ARTIKEL MISI: BETAPA INDAHNYA KAKI-KAKI MEREKA YANG DATANG MEMBAWA KABAR BAIK! 
(Roma 10:14-15, AYT Draft)

Kabar Baik (Injil) bukanlah sekadar kabar baik, sebenarnya itu adalah sebuah 
kabar yang luar biasa! Makna yang terdapat dalam kata "Injil" dalam bahasa 
Yunani menunjukkan bahwa kata ini seolah-olah "too good to be true" (terlalu 
indah untuk menjadi kenyataan/mustahil - Red.). Dalam dunia kita, ketika 
sesuatu tampak seperti itu, biasanya memang tak sebagus kelihatannya. Akan 
tetapi, hal ini tidak berlaku bagi Injil Yesus Kristus. Ini adalah kabar yang 
benar dan luar biasa, dan Rasul Paulus mengingatkan kita tentang keindahan dari 
"kaki-kaki mereka yang datang membawa kabar baik" dan mengumumkannya kepada 
dunia.

Di sepanjang Surat Roma, Rasul Paulus menyatakan bahwa Kabar Baik ini adalah 
tentang Yesus Kristus karena memang penyingkapan ini diperolehnya secara 
langsung dari Yesus Kristus. Katanya kepada jemaat di Galatia, 
"Saudara-saudara, aku ingin kamu tahu bahwa Injil yang telah kuberitakan 
bukanlah menurut manusia. Aku tidak menerimanya dari manusia, juga tidak 
diajarkan kepadaku oleh manusia. Aku menerimanya melalui penyataan dari Kristus 
Yesus." (Galatia 1:11-12, AYT Draft). Paulus menulis panjang lebar mengenai 
anugerah Allah yang ditawarkan kepada umat manusia melalui pribadi Yesus 
Kristus yang diberitakan dalam Kabar Baik itu. Paulus hidup dan menyampaikan 
pesan ini karena Injil adalah kuasa Allah untuk keselamatan semua orang yang 
percaya (Roma 1:16). Paulus dikhususkan, dipanggil, dan dipilih untuk menjadi 
pelayan Injil sesuai kehendak Allah.

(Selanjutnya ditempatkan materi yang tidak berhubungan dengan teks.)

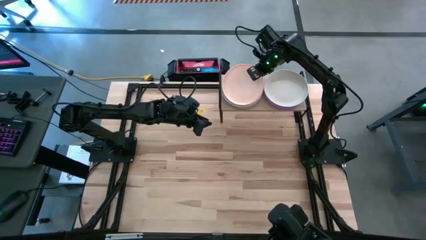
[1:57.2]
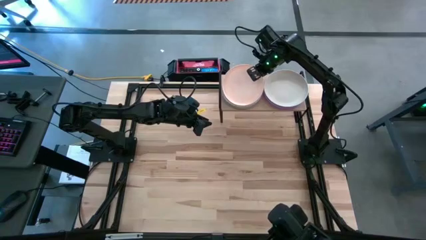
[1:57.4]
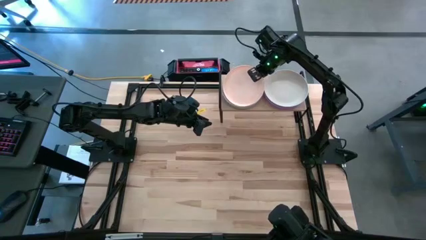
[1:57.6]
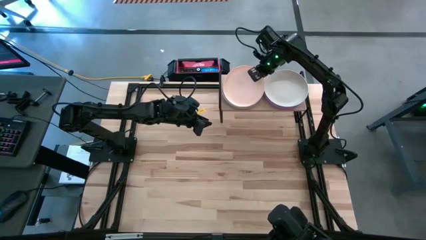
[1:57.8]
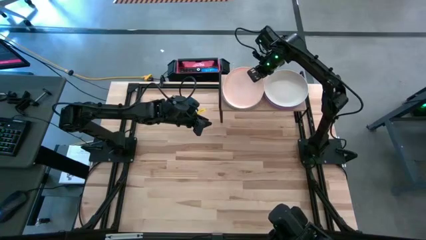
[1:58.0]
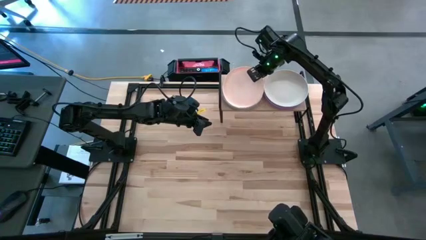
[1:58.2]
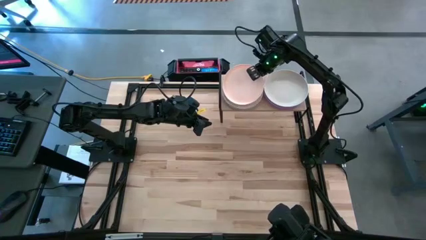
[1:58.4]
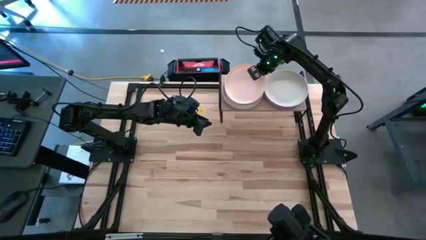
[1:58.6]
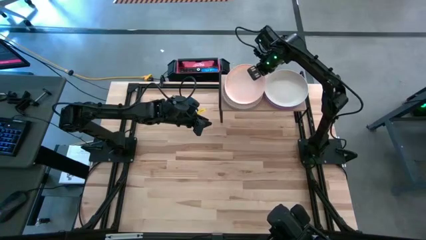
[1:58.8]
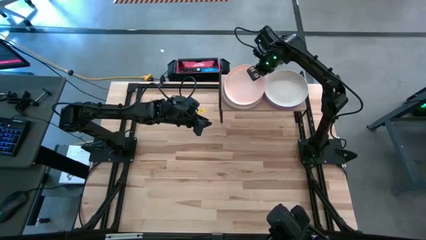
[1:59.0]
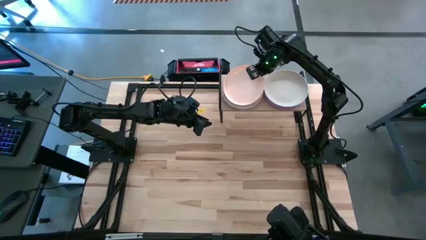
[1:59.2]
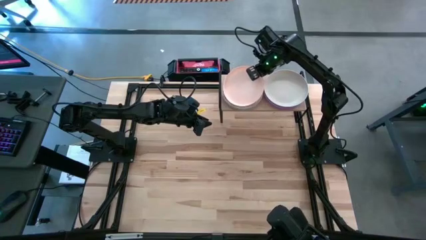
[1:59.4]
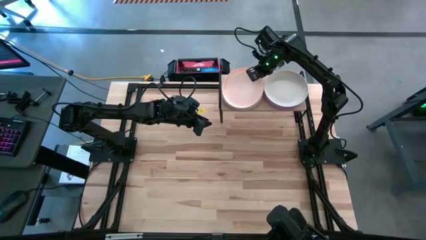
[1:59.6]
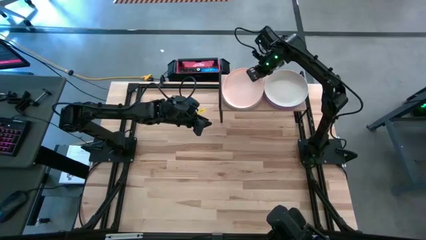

Ini adalah sesuatu yang luar biasa ketika 
Anda menyadari bahwa sebelum pertobatannya, Paulus adalah orang yang memburu 
dan membunuh orang-orang Kristen. Ia menganggap dirinya sebagai orang paling 
berdosa, tetapi setelah ia mengalami kemurahan dan belas kasihan Allah yang 
teramat besar, ia menyadari bahwa hal itu bukanlah sesuatu yang terlalu indah 
untuk menjadi kenyataan. Karena itulah, Paulus dapat berkata, "Sebab, semua 
orang yang berseru dalam nama Tuhan akan diselamatkan" (Roma 10:13, AYT Draft).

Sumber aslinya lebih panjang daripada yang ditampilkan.